* _Source records_
========

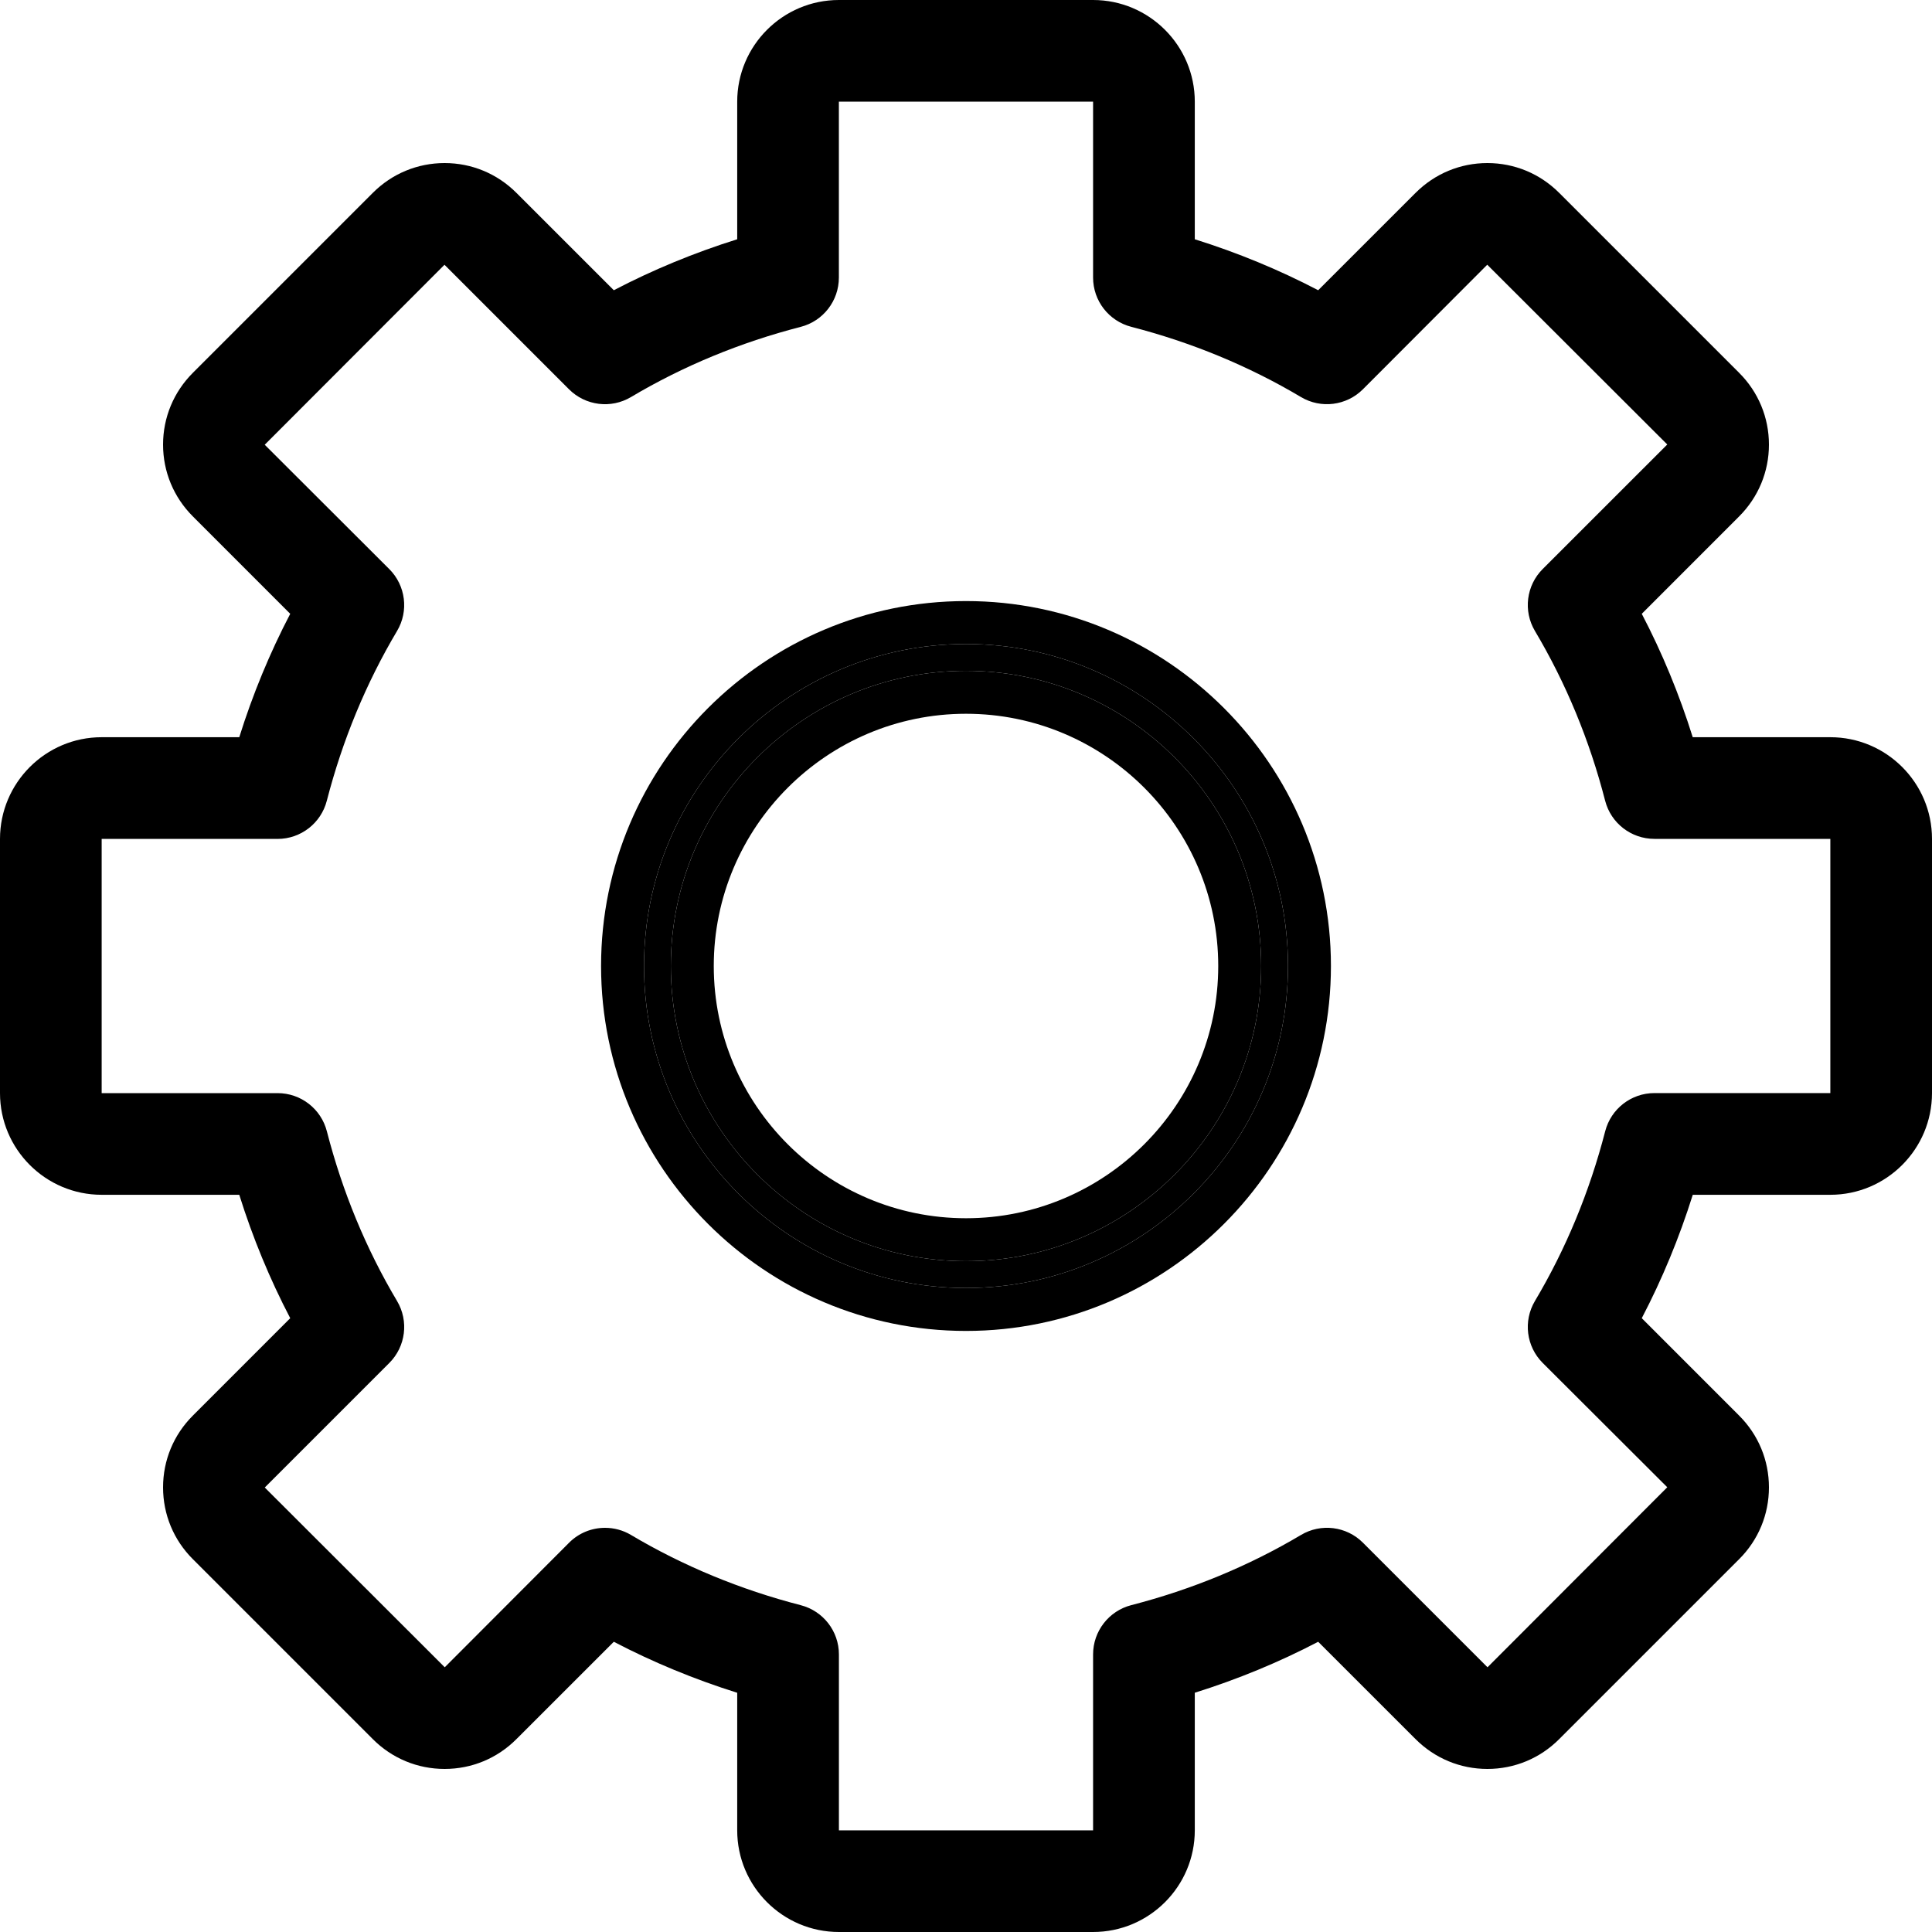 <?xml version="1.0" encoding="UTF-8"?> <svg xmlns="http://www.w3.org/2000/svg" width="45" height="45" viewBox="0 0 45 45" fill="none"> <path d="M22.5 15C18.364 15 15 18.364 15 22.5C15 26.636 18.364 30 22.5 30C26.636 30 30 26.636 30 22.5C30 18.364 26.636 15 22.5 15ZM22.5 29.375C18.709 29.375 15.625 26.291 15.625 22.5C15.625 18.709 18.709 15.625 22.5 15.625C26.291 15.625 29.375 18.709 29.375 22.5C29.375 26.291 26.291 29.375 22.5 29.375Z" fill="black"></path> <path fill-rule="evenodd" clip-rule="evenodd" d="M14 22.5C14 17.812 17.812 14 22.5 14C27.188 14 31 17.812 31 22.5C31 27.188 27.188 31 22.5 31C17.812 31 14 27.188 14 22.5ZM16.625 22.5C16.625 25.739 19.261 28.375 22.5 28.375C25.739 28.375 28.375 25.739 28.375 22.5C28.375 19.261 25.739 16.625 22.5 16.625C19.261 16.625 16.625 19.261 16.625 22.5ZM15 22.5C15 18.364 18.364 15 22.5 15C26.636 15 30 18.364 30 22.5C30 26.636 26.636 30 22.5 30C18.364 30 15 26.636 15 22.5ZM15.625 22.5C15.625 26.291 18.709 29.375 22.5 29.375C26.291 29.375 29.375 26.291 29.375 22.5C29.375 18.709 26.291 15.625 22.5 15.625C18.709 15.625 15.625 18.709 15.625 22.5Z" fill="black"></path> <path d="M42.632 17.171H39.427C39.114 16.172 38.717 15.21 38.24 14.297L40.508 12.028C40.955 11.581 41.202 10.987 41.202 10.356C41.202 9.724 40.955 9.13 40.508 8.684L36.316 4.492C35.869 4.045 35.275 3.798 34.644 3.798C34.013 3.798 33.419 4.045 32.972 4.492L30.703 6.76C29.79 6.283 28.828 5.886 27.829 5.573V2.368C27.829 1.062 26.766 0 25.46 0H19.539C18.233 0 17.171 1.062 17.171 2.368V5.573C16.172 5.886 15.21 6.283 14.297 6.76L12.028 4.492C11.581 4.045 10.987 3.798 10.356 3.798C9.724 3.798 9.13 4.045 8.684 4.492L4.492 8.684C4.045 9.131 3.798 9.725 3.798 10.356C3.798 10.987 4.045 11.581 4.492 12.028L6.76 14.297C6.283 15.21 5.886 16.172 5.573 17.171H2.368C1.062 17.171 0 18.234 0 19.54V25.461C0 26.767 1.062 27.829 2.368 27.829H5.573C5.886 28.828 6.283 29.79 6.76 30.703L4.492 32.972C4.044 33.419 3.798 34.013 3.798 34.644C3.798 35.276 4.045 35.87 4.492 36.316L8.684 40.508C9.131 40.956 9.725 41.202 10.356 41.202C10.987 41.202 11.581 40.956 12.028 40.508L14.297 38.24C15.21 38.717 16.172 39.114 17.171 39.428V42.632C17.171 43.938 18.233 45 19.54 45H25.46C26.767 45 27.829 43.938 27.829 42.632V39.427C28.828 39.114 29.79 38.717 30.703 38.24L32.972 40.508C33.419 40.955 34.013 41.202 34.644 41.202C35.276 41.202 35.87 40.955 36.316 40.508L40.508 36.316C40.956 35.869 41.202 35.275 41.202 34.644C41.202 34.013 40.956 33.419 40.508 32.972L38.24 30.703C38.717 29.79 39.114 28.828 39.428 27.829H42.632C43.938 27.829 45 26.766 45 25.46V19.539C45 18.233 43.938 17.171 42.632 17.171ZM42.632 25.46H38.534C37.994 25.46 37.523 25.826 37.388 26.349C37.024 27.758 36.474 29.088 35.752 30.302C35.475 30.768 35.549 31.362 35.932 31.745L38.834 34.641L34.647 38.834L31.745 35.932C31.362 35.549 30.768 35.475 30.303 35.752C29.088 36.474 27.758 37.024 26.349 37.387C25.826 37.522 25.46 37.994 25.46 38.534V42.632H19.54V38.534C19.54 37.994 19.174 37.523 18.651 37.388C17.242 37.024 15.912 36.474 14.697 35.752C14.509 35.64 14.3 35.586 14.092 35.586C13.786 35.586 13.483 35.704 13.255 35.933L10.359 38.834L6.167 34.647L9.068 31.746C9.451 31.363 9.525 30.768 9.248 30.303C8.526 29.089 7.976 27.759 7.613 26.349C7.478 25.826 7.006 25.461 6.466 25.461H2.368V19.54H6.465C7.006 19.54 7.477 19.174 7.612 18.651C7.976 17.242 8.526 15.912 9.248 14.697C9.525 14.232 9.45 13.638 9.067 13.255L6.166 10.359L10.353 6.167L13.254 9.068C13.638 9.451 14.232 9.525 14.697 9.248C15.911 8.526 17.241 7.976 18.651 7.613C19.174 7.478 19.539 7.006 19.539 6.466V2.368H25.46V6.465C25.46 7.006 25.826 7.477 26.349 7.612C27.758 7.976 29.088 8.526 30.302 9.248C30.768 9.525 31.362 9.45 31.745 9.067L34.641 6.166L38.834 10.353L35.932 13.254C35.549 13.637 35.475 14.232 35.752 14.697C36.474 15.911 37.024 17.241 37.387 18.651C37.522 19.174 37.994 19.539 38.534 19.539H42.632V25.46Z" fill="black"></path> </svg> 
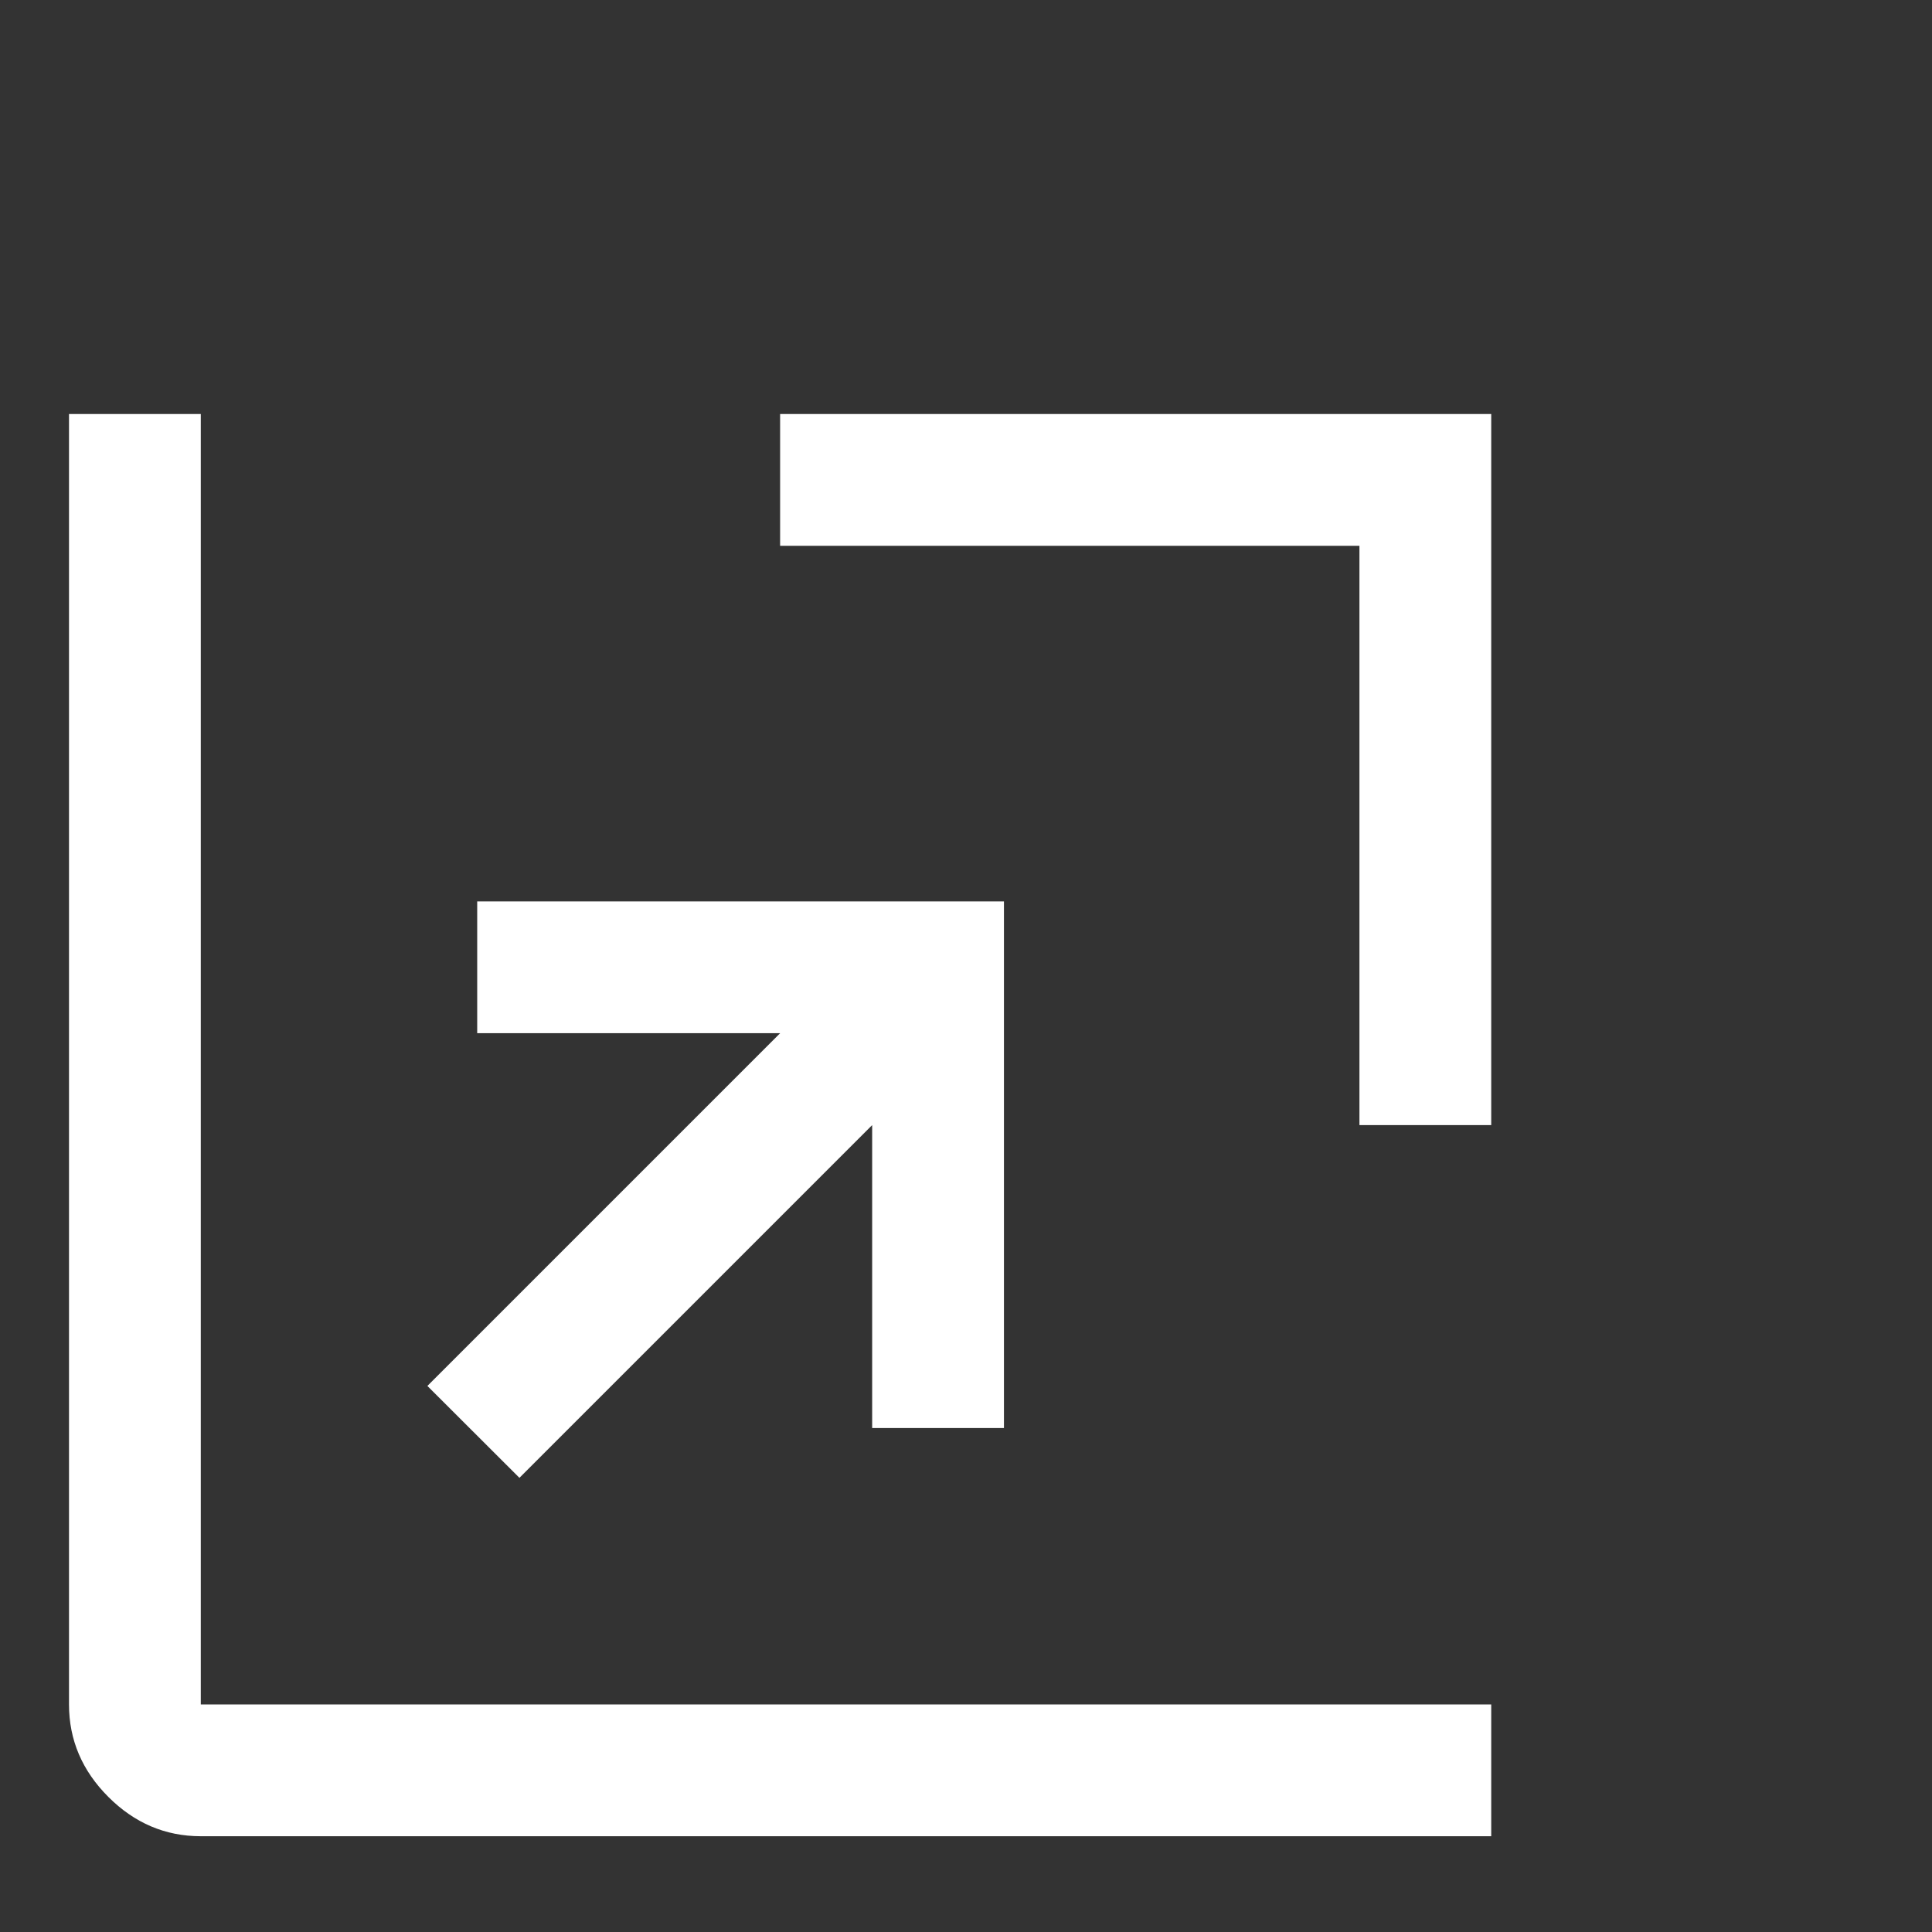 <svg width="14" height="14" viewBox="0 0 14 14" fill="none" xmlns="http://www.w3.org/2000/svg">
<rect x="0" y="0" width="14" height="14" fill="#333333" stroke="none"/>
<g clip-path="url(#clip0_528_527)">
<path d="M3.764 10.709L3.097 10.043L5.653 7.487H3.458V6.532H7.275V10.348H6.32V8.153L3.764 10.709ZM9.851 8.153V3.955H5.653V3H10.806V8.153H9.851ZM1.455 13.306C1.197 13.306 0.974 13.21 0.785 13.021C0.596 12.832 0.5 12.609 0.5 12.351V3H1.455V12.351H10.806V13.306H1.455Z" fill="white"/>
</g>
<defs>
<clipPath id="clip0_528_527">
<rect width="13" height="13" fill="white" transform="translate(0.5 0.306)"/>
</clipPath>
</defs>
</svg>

========

Would you please show every line of the material above that includes the string "white"?

<path d="M3.764 10.709L3.097 10.043L5.653 7.487H3.458V6.532H7.275V10.348H6.32V8.153L3.764 10.709ZM9.851 8.153V3.955H5.653V3H10.806V8.153H9.851ZM1.455 13.306C1.197 13.306 0.974 13.21 0.785 13.021C0.596 12.832 0.5 12.609 0.5 12.351V3H1.455V12.351H10.806V13.306H1.455Z" fill="white"/>
<rect width="13" height="13" fill="white" transform="translate(0.5 0.306)"/>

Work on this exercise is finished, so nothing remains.